| TASK REQUIREMENTS |
All entries must come back exactly as given, with no pictures in the copy.

| PROVIDED RECORDS |
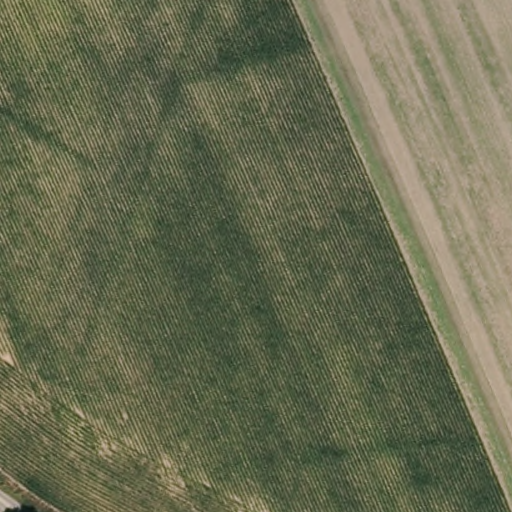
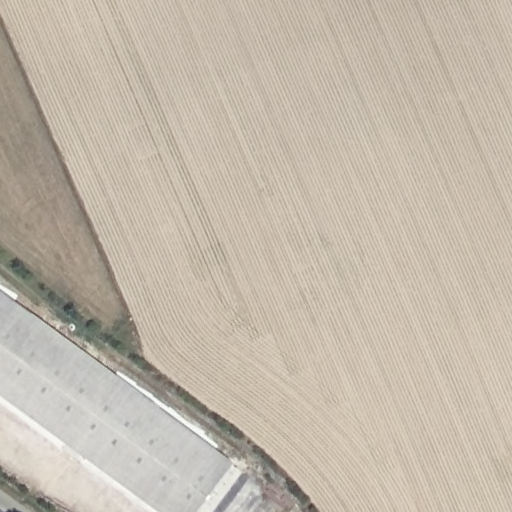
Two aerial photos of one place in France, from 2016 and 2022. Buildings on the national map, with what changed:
new [(235,462),(198,512),(157,512),(0,396),(0,290),(235,462)]

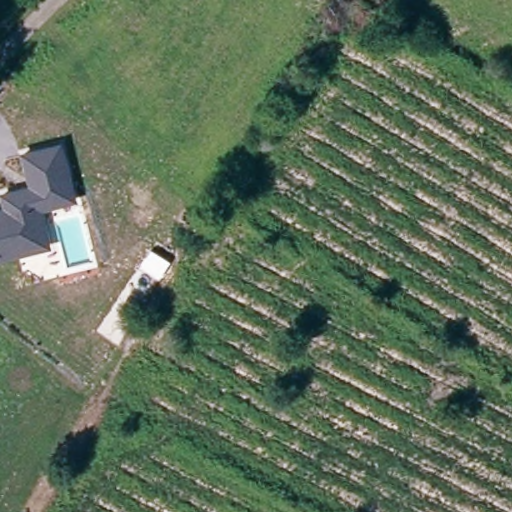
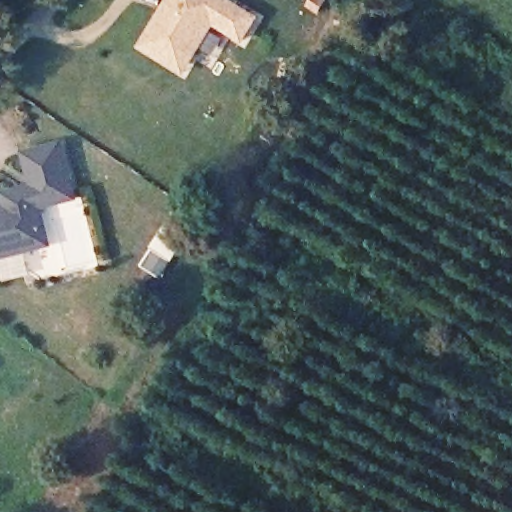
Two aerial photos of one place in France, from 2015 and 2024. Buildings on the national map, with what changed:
new [(244,44),(214,27),(185,75),(138,48),(166,0),(231,0),(260,17),(244,44)]
unchanged [(24,251),(0,257),(0,211),(7,209),(4,194),(25,189),(26,193),(35,190),(25,154),(61,145),(75,200),(39,208),(45,229),(50,246),(24,251)]

| EXPECTED OUTPUT |
Two aerial photos of one place in France, from 2016 and 2022. Buildings on the national map, with what changed:
new [(235,462),(198,512),(157,512),(0,396),(0,290),(235,462)]

Two aerial photos of one place in France, from 2015 and 2024. Buildings on the national map, with what changed:
new [(244,44),(214,27),(185,75),(138,48),(166,0),(231,0),(260,17),(244,44)]
unchanged [(24,251),(0,257),(0,211),(7,209),(4,194),(25,189),(26,193),(35,190),(25,154),(61,145),(75,200),(39,208),(45,229),(50,246),(24,251)]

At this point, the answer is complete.